▸ **Instructions for the task**:
Check each line below for the word "Vraag", and copy those that have it.

▸ **Data extract**:
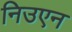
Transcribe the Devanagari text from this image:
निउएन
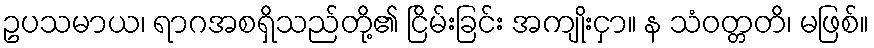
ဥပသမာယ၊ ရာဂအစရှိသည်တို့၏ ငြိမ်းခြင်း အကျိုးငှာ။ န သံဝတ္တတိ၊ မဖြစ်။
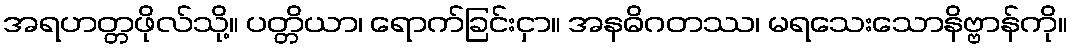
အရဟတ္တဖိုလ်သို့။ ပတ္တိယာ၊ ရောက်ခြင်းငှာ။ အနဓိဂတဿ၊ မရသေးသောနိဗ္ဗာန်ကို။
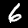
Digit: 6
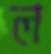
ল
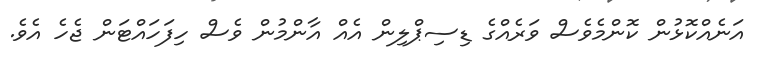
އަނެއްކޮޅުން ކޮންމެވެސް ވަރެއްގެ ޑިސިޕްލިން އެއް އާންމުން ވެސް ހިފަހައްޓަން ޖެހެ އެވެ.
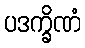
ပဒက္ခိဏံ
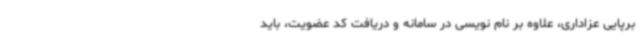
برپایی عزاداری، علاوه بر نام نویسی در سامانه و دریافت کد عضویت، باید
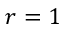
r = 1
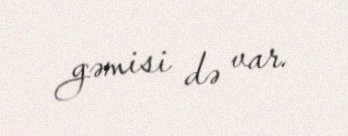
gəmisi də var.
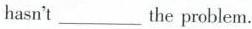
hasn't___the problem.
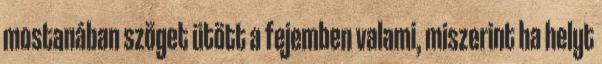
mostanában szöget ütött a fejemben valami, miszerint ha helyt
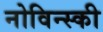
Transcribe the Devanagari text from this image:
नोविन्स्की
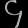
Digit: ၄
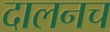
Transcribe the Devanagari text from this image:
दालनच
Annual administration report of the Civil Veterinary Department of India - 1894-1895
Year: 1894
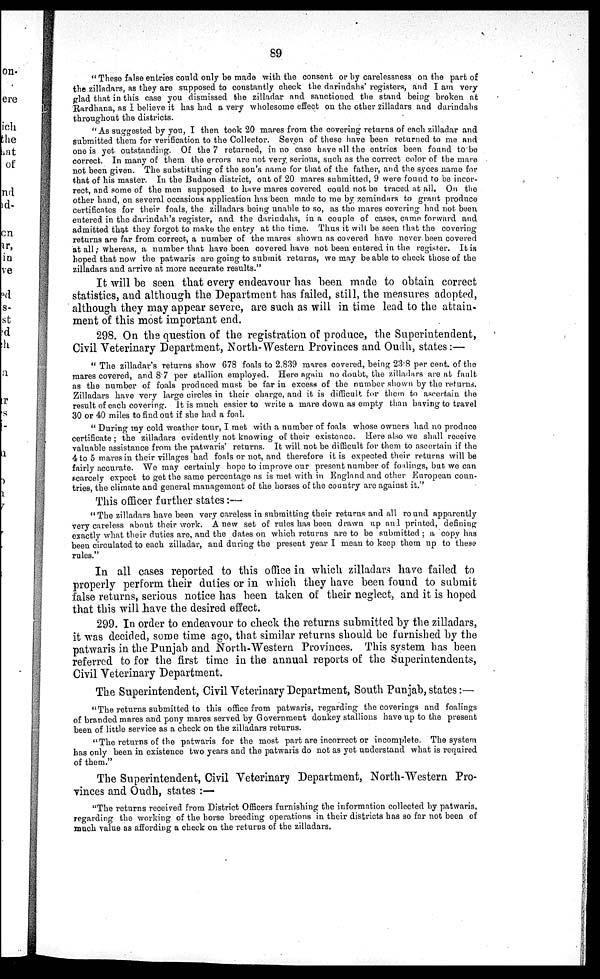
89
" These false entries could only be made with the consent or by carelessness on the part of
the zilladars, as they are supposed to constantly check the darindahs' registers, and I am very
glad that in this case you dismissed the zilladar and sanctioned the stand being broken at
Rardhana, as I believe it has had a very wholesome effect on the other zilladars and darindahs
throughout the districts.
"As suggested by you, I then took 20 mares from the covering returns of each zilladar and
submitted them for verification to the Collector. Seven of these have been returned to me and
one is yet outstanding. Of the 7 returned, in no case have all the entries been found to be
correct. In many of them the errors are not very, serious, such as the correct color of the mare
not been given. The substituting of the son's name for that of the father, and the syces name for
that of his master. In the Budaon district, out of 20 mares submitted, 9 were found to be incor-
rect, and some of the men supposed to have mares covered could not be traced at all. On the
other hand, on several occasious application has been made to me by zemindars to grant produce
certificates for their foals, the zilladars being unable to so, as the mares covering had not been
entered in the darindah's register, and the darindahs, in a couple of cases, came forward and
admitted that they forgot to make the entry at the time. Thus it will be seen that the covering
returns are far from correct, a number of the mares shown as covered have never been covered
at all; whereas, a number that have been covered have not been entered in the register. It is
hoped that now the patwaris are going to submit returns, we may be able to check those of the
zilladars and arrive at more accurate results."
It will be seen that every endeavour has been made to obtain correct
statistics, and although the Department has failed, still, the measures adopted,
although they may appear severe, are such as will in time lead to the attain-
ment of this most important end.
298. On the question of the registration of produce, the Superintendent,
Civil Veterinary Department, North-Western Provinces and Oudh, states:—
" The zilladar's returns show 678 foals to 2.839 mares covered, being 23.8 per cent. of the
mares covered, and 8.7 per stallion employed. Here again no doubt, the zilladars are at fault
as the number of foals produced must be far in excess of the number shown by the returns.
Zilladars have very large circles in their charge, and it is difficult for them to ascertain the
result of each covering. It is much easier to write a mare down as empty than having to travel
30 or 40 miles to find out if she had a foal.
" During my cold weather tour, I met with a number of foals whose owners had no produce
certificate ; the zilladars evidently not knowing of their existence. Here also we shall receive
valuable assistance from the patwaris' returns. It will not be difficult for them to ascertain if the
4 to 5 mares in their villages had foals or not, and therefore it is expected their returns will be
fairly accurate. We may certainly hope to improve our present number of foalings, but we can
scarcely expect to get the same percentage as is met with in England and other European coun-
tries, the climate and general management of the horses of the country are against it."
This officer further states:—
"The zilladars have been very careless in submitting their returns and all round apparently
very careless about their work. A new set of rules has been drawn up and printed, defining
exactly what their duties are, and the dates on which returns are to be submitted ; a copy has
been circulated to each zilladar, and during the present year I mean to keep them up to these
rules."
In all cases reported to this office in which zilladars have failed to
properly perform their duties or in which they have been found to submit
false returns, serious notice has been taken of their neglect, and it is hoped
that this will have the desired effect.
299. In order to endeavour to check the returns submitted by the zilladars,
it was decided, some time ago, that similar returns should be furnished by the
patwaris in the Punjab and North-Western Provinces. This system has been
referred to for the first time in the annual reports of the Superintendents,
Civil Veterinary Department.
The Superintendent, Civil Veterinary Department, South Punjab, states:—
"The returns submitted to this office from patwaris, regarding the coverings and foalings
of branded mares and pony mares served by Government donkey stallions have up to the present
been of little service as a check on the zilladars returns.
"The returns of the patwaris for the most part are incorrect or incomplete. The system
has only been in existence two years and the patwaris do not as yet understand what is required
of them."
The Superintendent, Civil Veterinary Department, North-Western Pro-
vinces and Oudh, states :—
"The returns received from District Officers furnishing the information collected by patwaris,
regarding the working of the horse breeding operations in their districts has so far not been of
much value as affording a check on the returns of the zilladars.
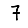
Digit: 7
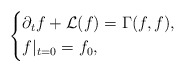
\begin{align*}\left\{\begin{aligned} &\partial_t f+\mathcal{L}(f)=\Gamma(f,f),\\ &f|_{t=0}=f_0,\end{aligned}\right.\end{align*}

---

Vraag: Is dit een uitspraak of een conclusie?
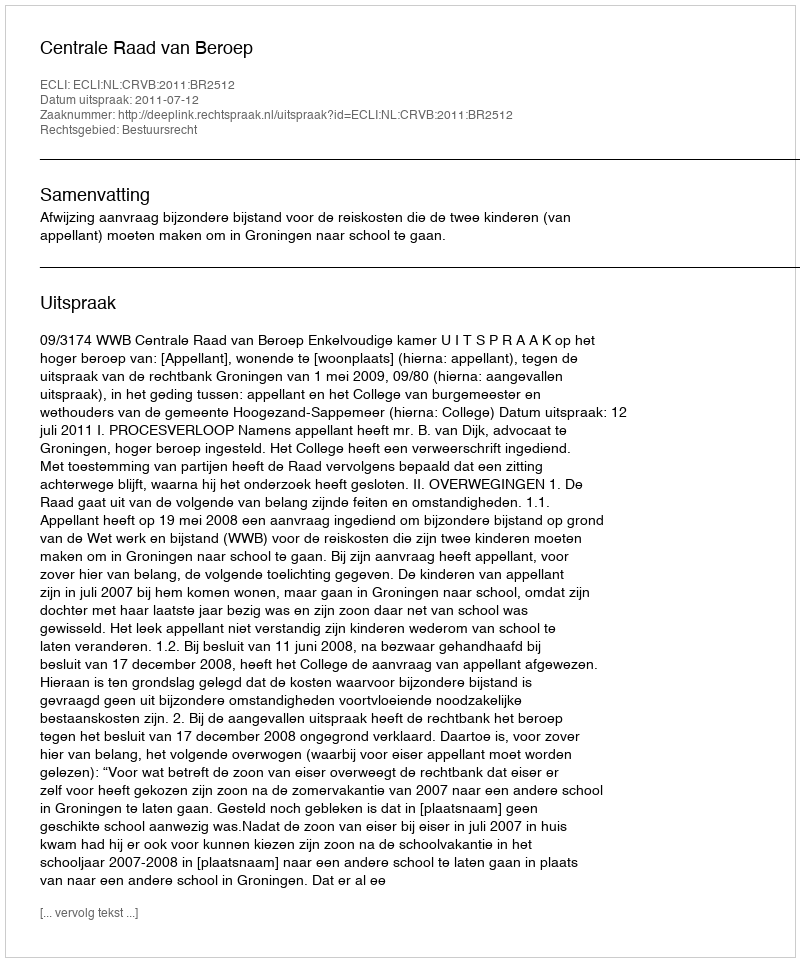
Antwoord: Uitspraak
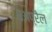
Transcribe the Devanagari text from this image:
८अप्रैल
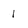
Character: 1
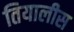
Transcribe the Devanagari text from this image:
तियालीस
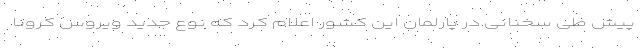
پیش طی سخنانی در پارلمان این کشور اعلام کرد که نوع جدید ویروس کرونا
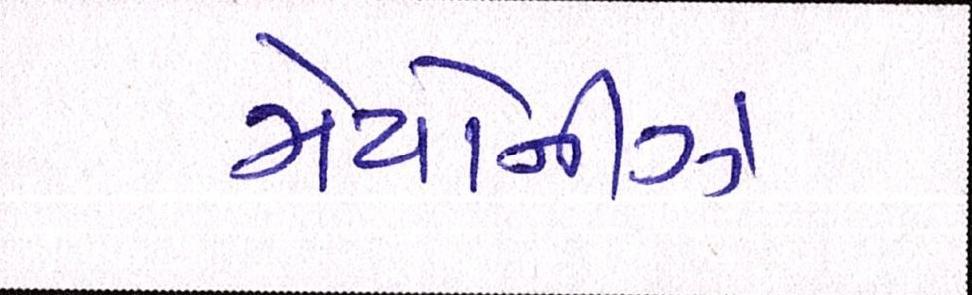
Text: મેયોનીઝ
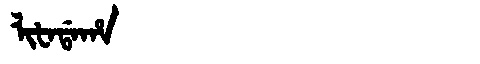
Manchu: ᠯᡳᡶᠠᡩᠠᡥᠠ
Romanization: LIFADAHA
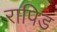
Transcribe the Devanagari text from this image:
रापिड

* * *

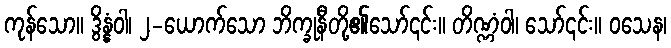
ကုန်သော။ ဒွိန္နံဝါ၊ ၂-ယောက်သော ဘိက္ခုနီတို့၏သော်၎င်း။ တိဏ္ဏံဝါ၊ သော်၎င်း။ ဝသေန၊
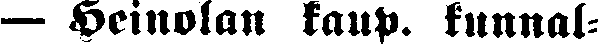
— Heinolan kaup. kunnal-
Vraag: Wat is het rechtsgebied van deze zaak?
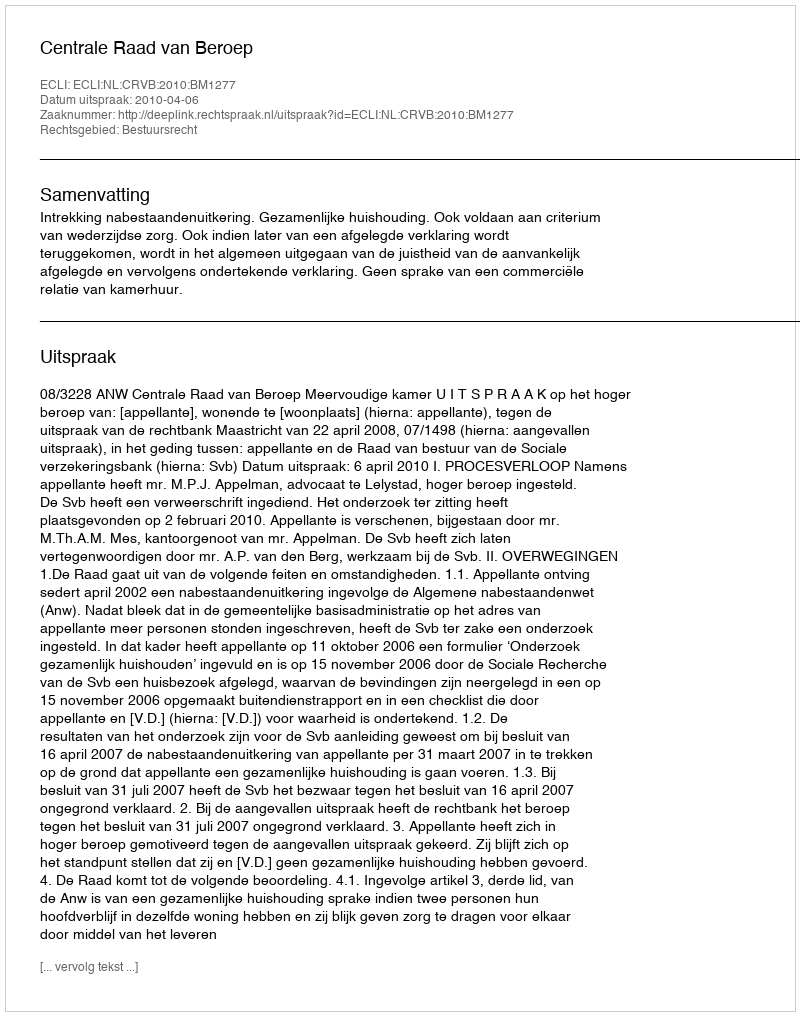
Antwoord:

▸ **Written solution**:
Vraag: Is dit een uitspraak of een conclusie?
Vraag: Wat is het rechtsgebied van deze zaak?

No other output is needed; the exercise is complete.